Abstract

A new bandwidth allocation model is studied in this paper. In this model, a system, such as a communication network, is composed of a finite number of users, and they compete for limited bandwidth resources. Each user adopts the decision that maximizes his or her own benefit characterized by the utility function. The decision space of each user is subject to constraints. In addition, some users form a group, and their joint decision space is also subject to constraints. Under the assumption that each user’s utility function satisfies some continuity and concavity conditions, the existence, uniqueness, and fairness, in some appropriate sense, of the Nash equilibrium point in the allocation game are proved. An algorithm yielding a sequence converging to the equilibrium point is proposed. Finally, a numerical example with detailed analysis is provided to illustrate the effectiveness of our work.

1. Introduction

With the widespread use of internet and the increasing popularity of mobile devices, more and more people can get online at almost anytime and anywhere. An immediate challenge facing the significant increment of online users is the support of quality of service (QoS). Over the past decade considerable efforts have been made to ensure the smooth operation of the networking systems.

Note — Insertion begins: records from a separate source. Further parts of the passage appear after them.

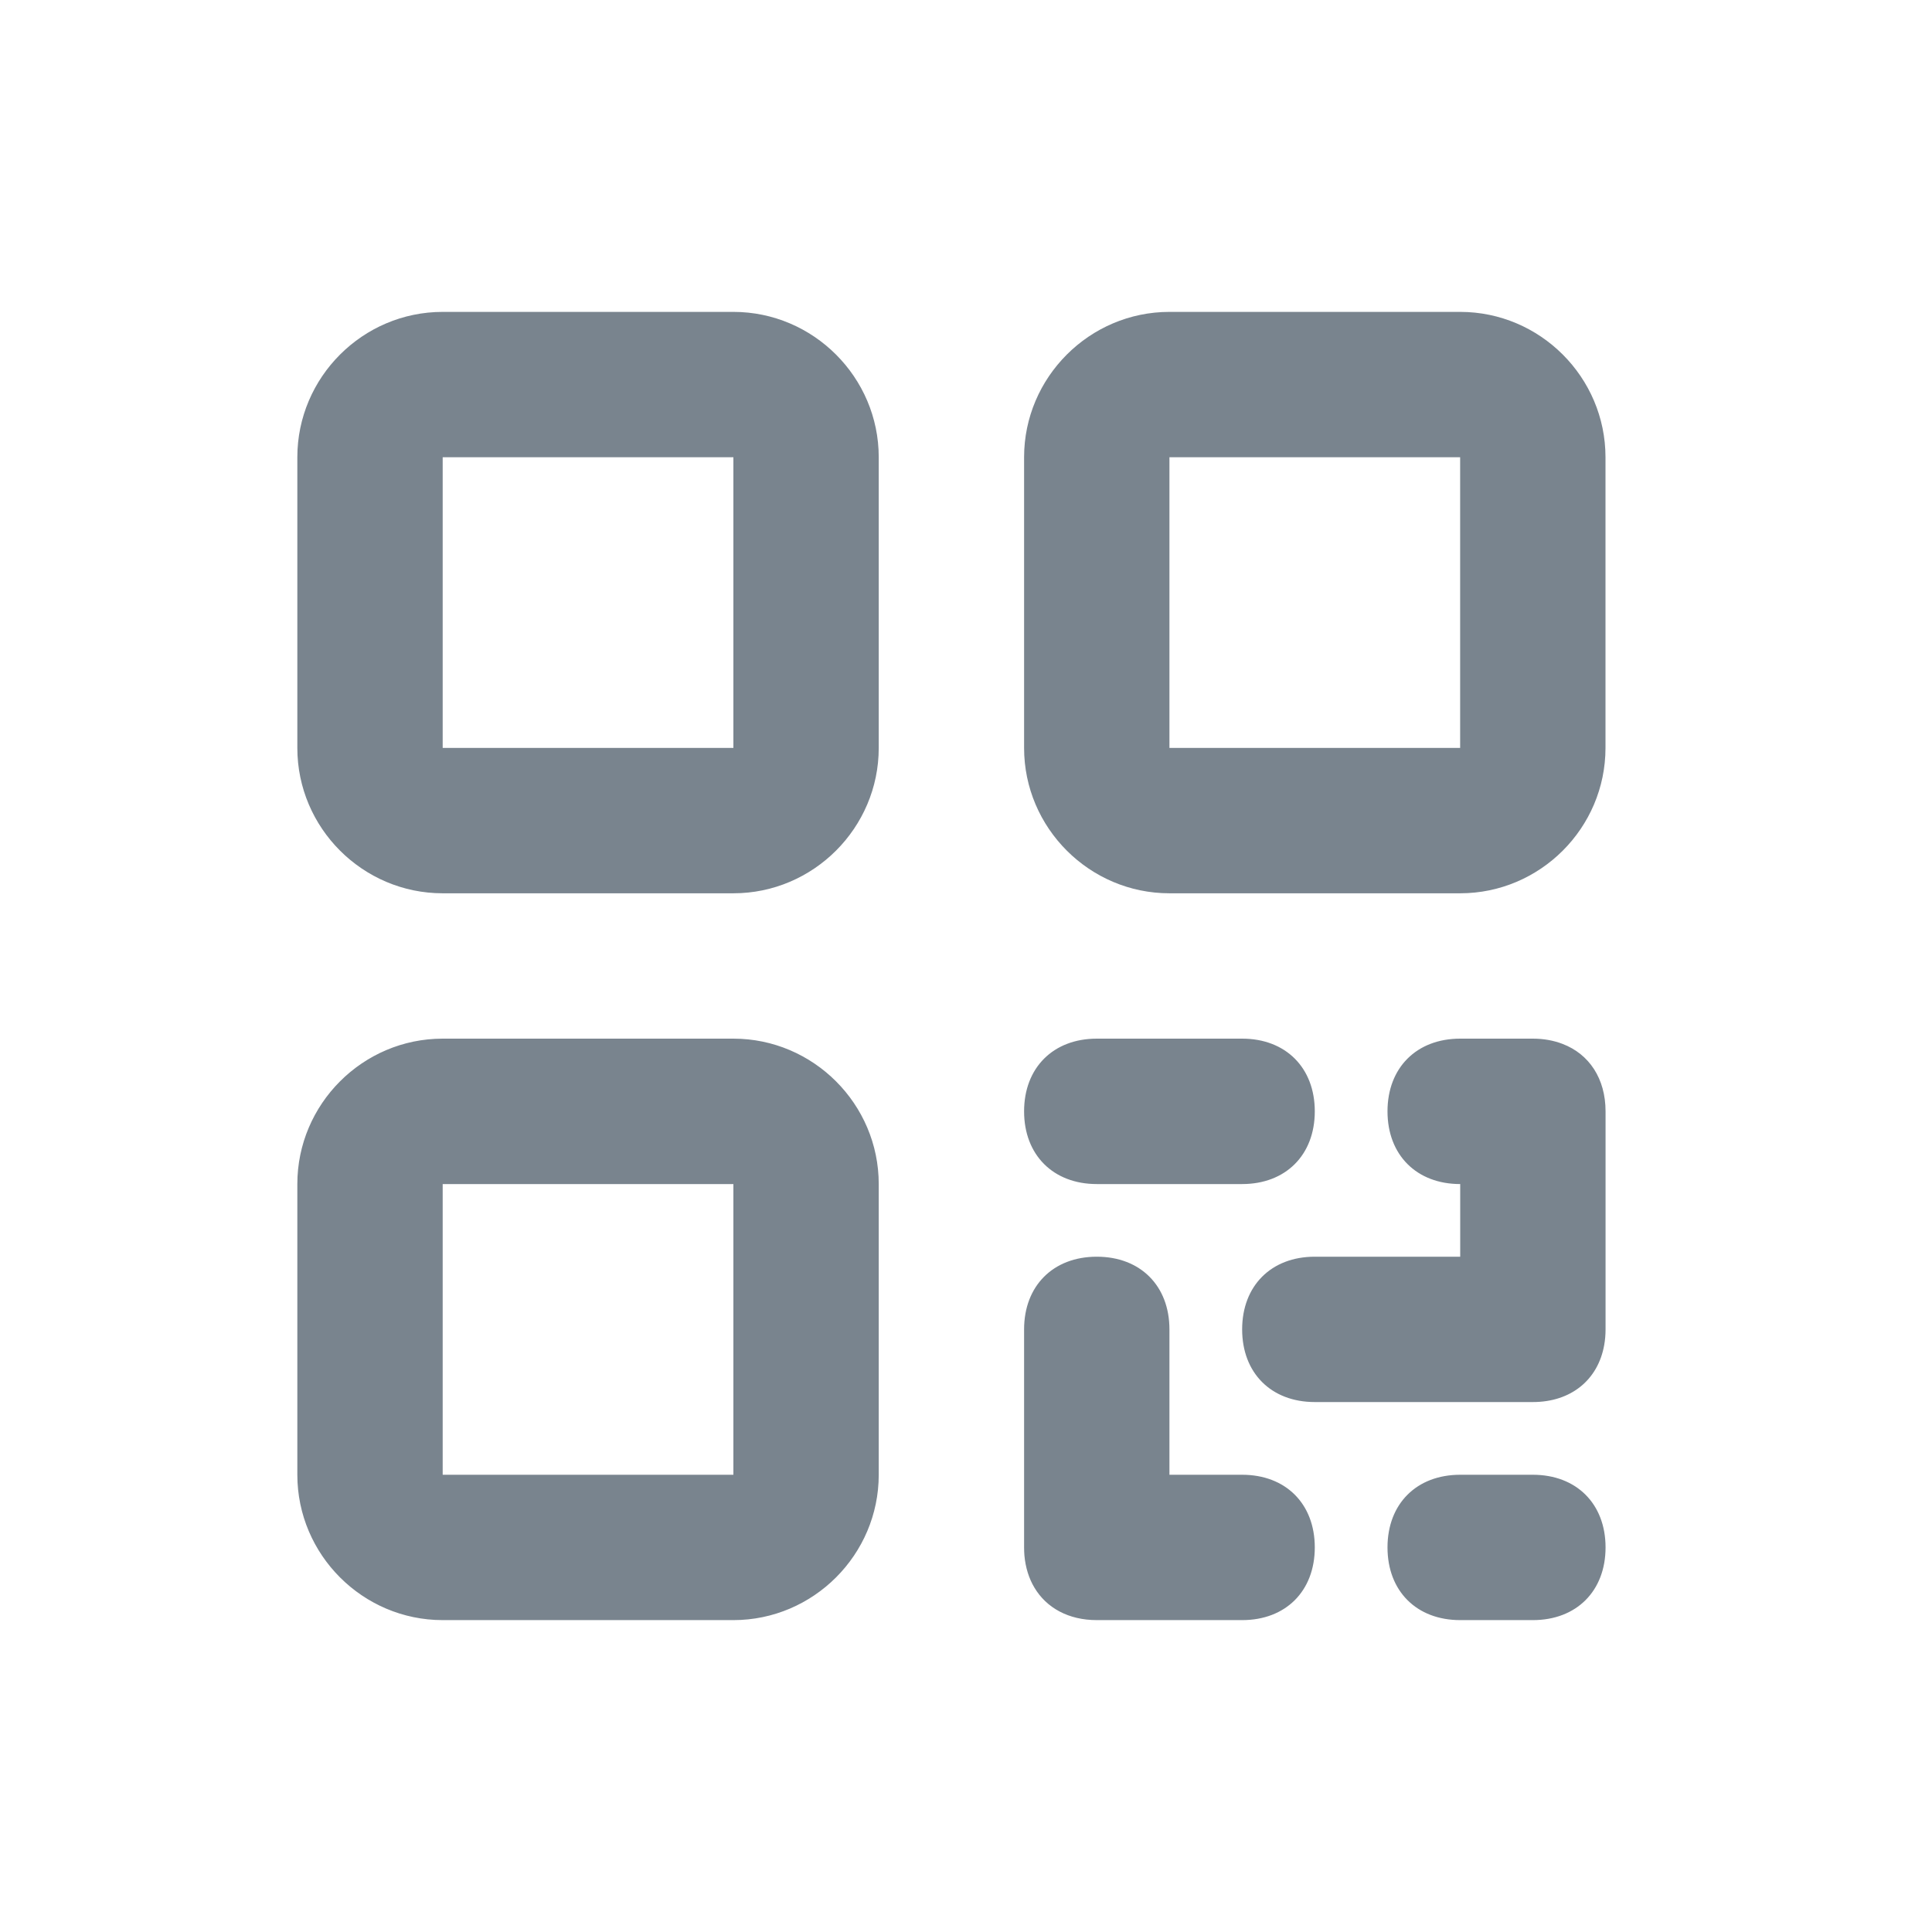 <svg width="30" height="30" viewBox="0 0 30 30" fill="none" xmlns="http://www.w3.org/2000/svg">
<g clip-path="url(#clip0_501_4364)">
<path fill-rule="evenodd" clip-rule="evenodd" d="M22.673 13.871H18.159C16.918 13.871 15.902 12.856 15.902 11.614V7.1C15.902 5.859 16.918 4.843 18.159 4.843H22.673C23.915 4.843 24.93 5.859 24.93 7.1V11.614C24.93 12.856 23.915 13.871 22.673 13.871ZM18.159 7.1V11.614H22.673V7.1H18.159ZM6.874 25.157H11.388C12.629 25.157 13.645 24.141 13.645 22.9V18.386C13.645 17.144 12.629 16.128 11.388 16.128H6.874C5.632 16.128 4.617 17.144 4.617 18.386V22.9C4.617 24.141 5.632 25.157 6.874 25.157ZM6.874 22.9V18.386H11.388V22.9H6.874ZM23.802 21.771C24.395 21.771 24.814 21.426 24.91 20.886C24.924 20.808 24.931 20.727 24.931 20.643V20.643V17.257C24.931 16.749 24.677 16.368 24.264 16.21C24.127 16.157 23.971 16.128 23.802 16.128H23.802H22.674C21.996 16.128 21.545 16.58 21.545 17.257C21.545 17.934 21.996 18.386 22.674 18.386H22.674V19.514H20.416C19.739 19.514 19.288 19.966 19.288 20.643C19.288 21.32 19.739 21.771 20.416 21.771H23.802ZM17.04 25.157H19.288C19.965 25.157 20.416 24.706 20.416 24.028C20.416 23.351 19.965 22.9 19.288 22.9H18.159V20.643C18.159 19.966 17.708 19.514 17.031 19.514C16.354 19.514 15.902 19.966 15.902 20.643V24.028V24.028C15.902 24.071 15.904 24.112 15.907 24.153C15.924 24.341 15.977 24.51 16.062 24.652C16.25 24.968 16.593 25.157 17.031 25.157L17.04 25.157ZM22.674 25.157H23.802C24.479 25.157 24.931 24.706 24.931 24.028C24.931 23.351 24.479 22.9 23.802 22.9H22.674C21.996 22.9 21.545 23.351 21.545 24.028C21.545 24.706 21.996 25.157 22.674 25.157ZM19.288 18.386H17.031C16.354 18.386 15.902 17.934 15.902 17.257C15.902 16.58 16.354 16.128 17.031 16.128H19.288C19.965 16.128 20.416 16.58 20.416 17.257C20.416 17.934 19.965 18.386 19.288 18.386ZM6.874 13.871H11.388C12.629 13.871 13.645 12.856 13.645 11.614V7.1C13.645 5.859 12.629 4.843 11.388 4.843H6.874C5.632 4.843 4.617 5.859 4.617 7.1V11.614C4.617 12.856 5.632 13.871 6.874 13.871ZM6.874 11.614V7.1H11.388V11.614H6.874Z" fill="#79848E"></path>
</g>
<defs>
<clipPath id="clip0_501_4364">
<rect width="29.547" height="29.547" fill="white" transform="translate(0 0.226)"></rect>
</clipPath>
</defs>
</svg>

For example, the load balancing problems were considered by Anselmi et al. [1] and Ayesta et al. [2]. The routing problems were studied by La and Anantharam [3], Richman and Shimkin [4], Boulogne et al. [5], and Korilis et al. [6–8]. Niyato and Hossain [9] studied the practical issue such as the admission control for the wireless broadband standard. Ganesh et al. [10] and Yaïche et al. [11] considered the pricing issues. In modeling the networking problems, quite often the bandwidth availability is the main concern and has its role in the associated performance measure. The network system quantifies the results caused by different operation scenarios and seeks the approach leading to the greatest benefits in some sense. Since the benefit of any network user inevitably involves that of other users, its evaluation is mostly carried out in the context of game theory. In the survey paper Altman et al. collected a long list of networking models based on game theoretic formulation. Interested readers are referred to [12] and the rich reference therein.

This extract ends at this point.